The study attempts to put to rest the
debate over Stephen Hawking’s famous information paradox, the problem created
by Hawking’s conclusion that any data that enters a black hole can never leave.
This conclusion accorded with the laws of thermodynamics, but opposed the
fundamental laws of quantum mechanics.
“What we found from string theory is
that all the mass of a black hole is not getting sucked in to the center,” said
Samir Mathur, lead author of the study and professor of physics at The Ohio
State University. “The black hole tries to squeeze things to a point, but then
the particles get stretched into these strings, and the strings start to
stretch and expand and it becomes this fuzzball that expands to fill up the
entirety of the black hole.”
The study, published Dec. 28 in the Turkish
Journal of Physics, found that string theory almost certainly holds the
answer to Hawking’s paradox, as the paper’s authors had originally believed.
The physicists proved theorems to show that the fuzzball theory remains the
most likely solution for Hawking’s information paradox. The researchers have
also published an essay showing how this work may resolve longstanding puzzles
in cosmology; the essay appeared in December in the International Journal of
Modern Physics.
Mathur published a study in 2004 that
theorized black holes were similar to very large, very messy balls of yarn –
“fuzzballs” that become larger and messier as new objects get sucked in.
“The bigger the black hole, the more
energy that goes in, and the bigger the fuzzball becomes,” Mathur said. The
2004 study found that string theory, the physics theory that holds that all
particles in the universe are made of tiny vibrating strings, could be the
solution to Hawking’s paradox. With this fuzzball structure, the hole radiates
like any normal body, and there is no puzzle.
After Mathur’s 2004 study and other,
similar works, “many people thought the problem was solved,” he said. “But in
fact, a section of people in the string theory community itself thought they
would look for a different solution to Hawking’s information paradox. They were
bothered that, in physical terms, the whole structure of the black hole had
changed.”
Studies in recent years attempted to
reconcile Hawking’s conclusions with the old picture of the hole, where one can
think of the black hole as being “empty space with all its mass in the
center.” One theory, the wormhole paradigm, suggested that black
holes might be one end of a bridge in the space-time continuum, meaning
anything that entered a black hole might appear on the other end of the bridge
– the other end of the wormhole – in a different place in space and time.
In order for the wormhole picture to
work, though, some low-energy radiation would have to escape from the black
hole at its edges.
This recent study proved a theorem – the
“effective small corrections theorem” – to show that if that were to happen,
black holes would not appear to radiate in the way that they do.

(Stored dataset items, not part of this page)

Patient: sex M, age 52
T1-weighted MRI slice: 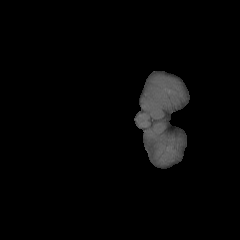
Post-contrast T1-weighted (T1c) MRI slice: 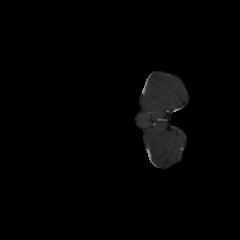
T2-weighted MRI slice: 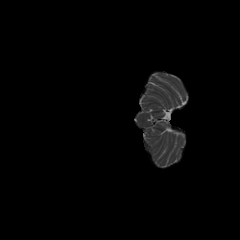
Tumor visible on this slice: no
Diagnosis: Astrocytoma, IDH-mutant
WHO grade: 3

The researchers also examined physical
properties from black holes, including topology change in quantum gravity, to
determine whether the wormhole paradigm would work.
“In each of the versions that have been
proposed for the wormhole approach, we found that the physics was not
consistent,” Mathur said. “The wormhole paradigm tries to argue that, in some
way, you could still think of the black hole as being effectively empty with
all the mass in the center. And the theorems we prove show that such
a picture of the hole is not a possibility.”
Other Ohio State researchers who worked
on this study include Madhur Mehta, Marcel R. R. Hughes and Bin Guo.